__WHAT TO DO__
Copy the lines below exactly. No picture goes into the copy.

__SUPPLIED MATERIAL__
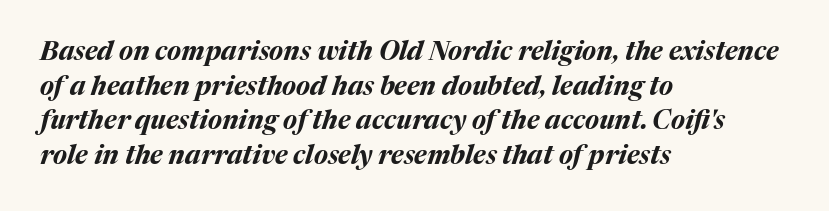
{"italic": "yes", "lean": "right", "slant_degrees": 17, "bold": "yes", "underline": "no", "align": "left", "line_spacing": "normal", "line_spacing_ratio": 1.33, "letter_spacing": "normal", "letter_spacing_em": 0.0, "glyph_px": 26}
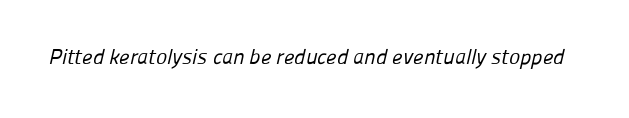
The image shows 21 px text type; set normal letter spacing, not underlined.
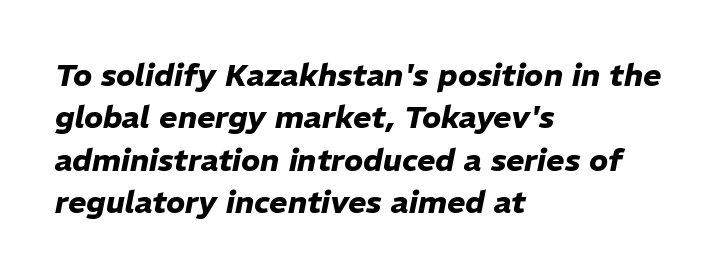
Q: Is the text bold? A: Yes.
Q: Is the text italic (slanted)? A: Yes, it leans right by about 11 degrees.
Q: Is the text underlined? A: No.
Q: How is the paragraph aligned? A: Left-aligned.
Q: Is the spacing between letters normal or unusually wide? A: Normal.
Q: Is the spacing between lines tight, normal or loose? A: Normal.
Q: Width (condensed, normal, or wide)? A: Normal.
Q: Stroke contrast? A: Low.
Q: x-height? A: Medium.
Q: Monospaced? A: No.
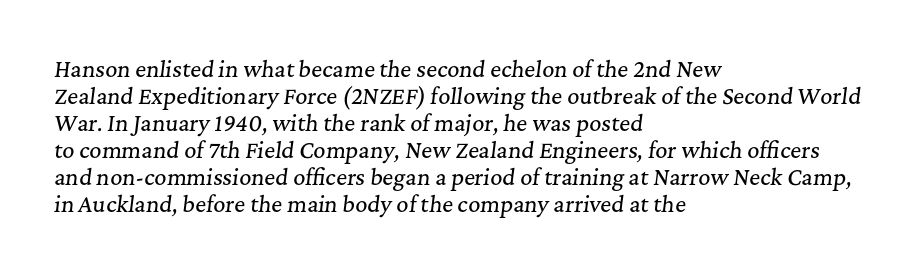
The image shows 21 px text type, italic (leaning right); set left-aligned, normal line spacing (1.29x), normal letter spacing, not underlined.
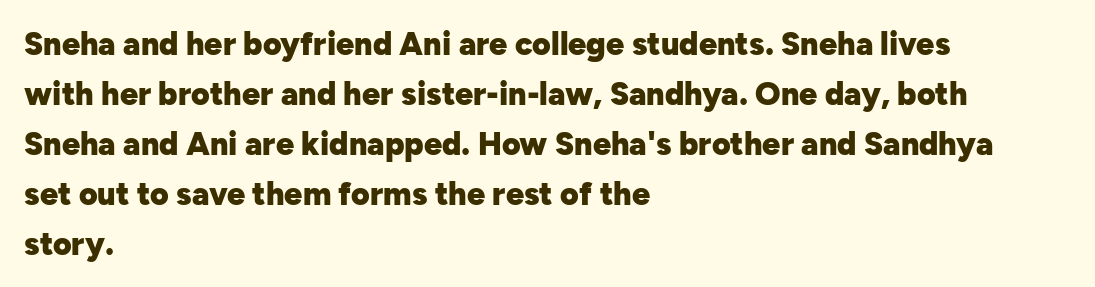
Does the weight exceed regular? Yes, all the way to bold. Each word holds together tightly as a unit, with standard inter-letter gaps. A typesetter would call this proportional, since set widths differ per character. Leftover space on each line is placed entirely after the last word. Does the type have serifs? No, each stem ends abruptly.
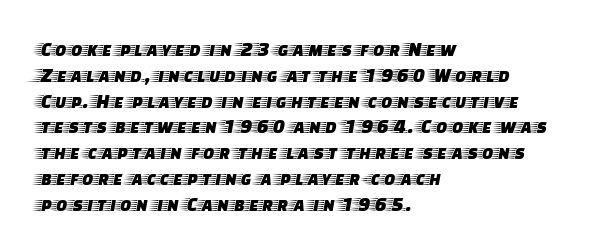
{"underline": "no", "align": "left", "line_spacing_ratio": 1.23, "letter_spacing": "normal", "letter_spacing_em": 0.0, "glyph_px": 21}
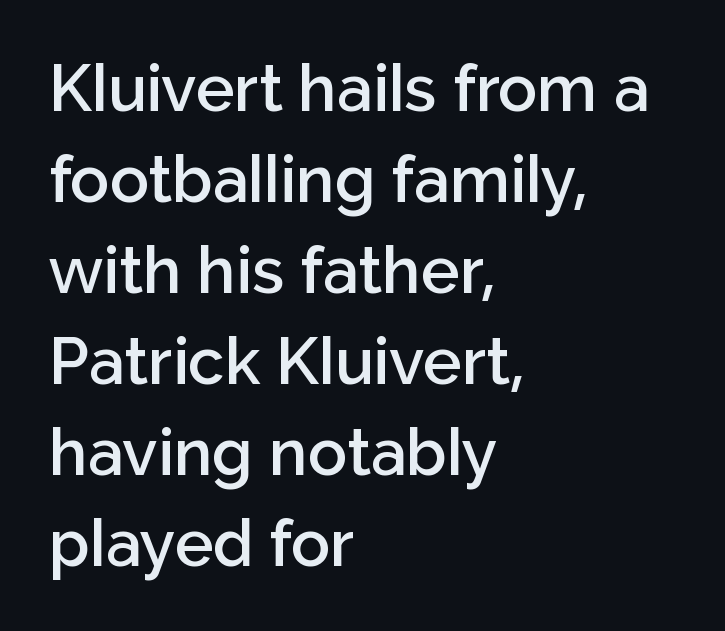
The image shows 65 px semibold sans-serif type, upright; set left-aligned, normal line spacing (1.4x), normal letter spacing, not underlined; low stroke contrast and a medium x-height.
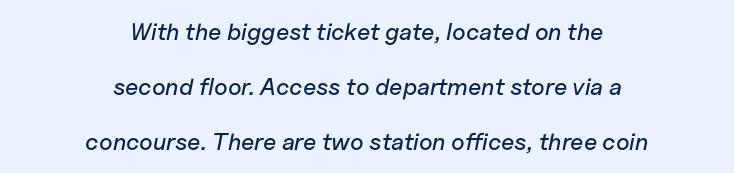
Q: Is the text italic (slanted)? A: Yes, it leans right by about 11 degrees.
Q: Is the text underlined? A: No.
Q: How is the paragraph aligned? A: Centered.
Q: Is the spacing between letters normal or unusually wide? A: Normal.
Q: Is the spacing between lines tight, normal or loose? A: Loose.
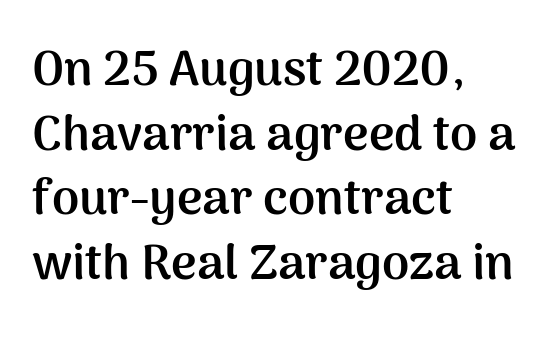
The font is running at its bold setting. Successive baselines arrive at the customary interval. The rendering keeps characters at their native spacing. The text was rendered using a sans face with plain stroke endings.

__ANSWER SPACE__
{"italic": "yes", "lean": "right", "slant_degrees": 17, "bold": "yes", "underline": "no", "align": "left", "line_spacing": "normal", "line_spacing_ratio": 1.33, "letter_spacing": "normal", "letter_spacing_em": 0.0, "glyph_px": 26}
The image shows 21 px text type; set normal letter spacing, not underlined.
Q: Is the text bold? A: Yes.
Q: Is the text italic (slanted)? A: Yes, it leans right by about 11 degrees.
Q: Is the text underlined? A: No.
Q: How is the paragraph aligned? A: Left-aligned.
Q: Is the spacing between letters normal or unusually wide? A: Normal.
Q: Is the spacing between lines tight, normal or loose? A: Normal.
Q: Width (condensed, normal, or wide)? A: Normal.
Q: Stroke contrast? A: Low.
Q: x-height? A: Medium.
Q: Monospaced? A: No.
The image shows 21 px text type, italic (leaning right); set left-aligned, normal line spacing (1.29x), normal letter spacing, not underlined.
Does the weight exceed regular? Yes, all the way to bold. Each word holds together tightly as a unit, with standard inter-letter gaps. A typesetter would call this proportional, since set widths differ per character. Leftover space on each line is placed entirely after the last word. Does the type have serifs? No, each stem ends abruptly.
{"underline": "no", "align": "left", "line_spacing_ratio": 1.23, "letter_spacing": "normal", "letter_spacing_em": 0.0, "glyph_px": 21}
The image shows 65 px semibold sans-serif type, upright; set left-aligned, normal line spacing (1.4x), normal letter spacing, not underlined; low stroke contrast and a medium x-height.
Q: Is the text italic (slanted)? A: Yes, it leans right by about 11 degrees.
Q: Is the text underlined? A: No.
Q: How is the paragraph aligned? A: Centered.
Q: Is the spacing between letters normal or unusually wide? A: Normal.
Q: Is the spacing between lines tight, normal or loose? A: Loose.
The font is running at its bold setting. Successive baselines arrive at the customary interval. The rendering keeps characters at their native spacing. The text was rendered using a sans face with plain stroke endings.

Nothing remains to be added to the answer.